Now we can use the trained model to split an input document into multiple documents. We assume that we have a document that consists of several documents and therefore needs to be separated.

# run the prediction with the Context Aware File Splitting Model
new_documents = []
current_document = None
for page in test_document.pages():
    pred = file_splitting_model.predict(page)
    if pred.is_first_page:
        # create a new Document when a first Page is found
        if current_document is not None:
            new_documents.append(current_document)
        current_document = project.create_document(category_id=YOUR_CATEGORY_ID)
        current_document.add_page(page)
    else:
        # add the Page to the current Document
        current_document.add_page(page)
# add the last Document to the list
new_documents.append(current_document)

The variable new_documents now contains a list of separate documents extracted from the original input document.

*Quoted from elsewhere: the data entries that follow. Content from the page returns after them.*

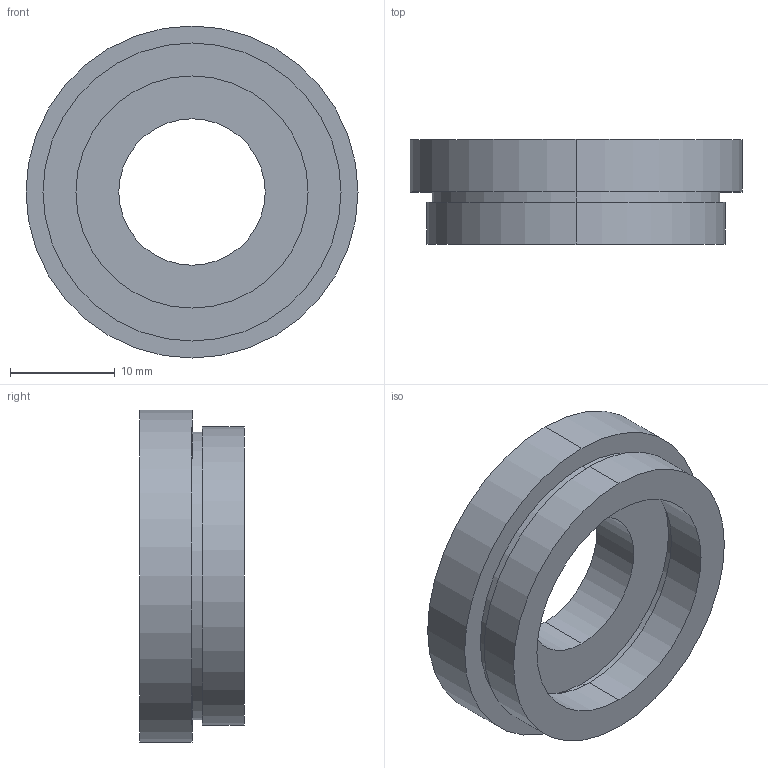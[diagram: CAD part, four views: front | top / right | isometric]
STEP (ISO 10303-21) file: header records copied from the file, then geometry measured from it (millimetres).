
FILE_DESCRIPTION (( 'STEP AP214' ), '1' );
FILE_NAME ('504066.STEP', '2019-09-30T03:16:04', ( 'user' ), ( '微软中国' ), 'SwSTEP 2.0', 'SolidWorks 2016', '' );
FILE_SCHEMA (( 'AUTOMOTIVE_DESIGN' ));
Length unit declared in the file: millimetre
Products named in the file (1): 504066
Bounding box: 31.75 x 10 x 31.75 mm (x, y, z)
Volume: 4356.3 mm3; surface area: 2965.2 mm2
Topology: 1 solids, 1 shells, 18 faces, 36 edges, 24 vertices
Faces by surface type: cylinder 12, plane 6
Entity records: 588 total; most frequent: DIRECTION 98, CARTESIAN_POINT 79, ORIENTED_EDGE 72, AXIS2_PLACEMENT_3D 43, EDGE_CURVE 36, CIRCLE 24, EDGE_LOOP 24, VERTEX_POINT 24

Validation through Human-in-the-Loop UI

Document processing is an important component in various industries, such as banking, insurance, and legal. The process of scanning and filing multiple documents can be time-consuming, and there is often a need for an automated solution that can divide and organize these documents. However, automated solutions are not always perfect and can miss important details or misidentify a document type. This is where a human interface, the Document Validation UI (DV UI), comes into play.

split document

DV UI is a tool that allows people to interact with an automated document processing system to validate and correct its output. The DV UI provides an interface for users to review and verify automated document splitting and file organization and make corrections as necessary. Users can also train the AI system to recognize new document types to ensure the accuracy of future splits and organization.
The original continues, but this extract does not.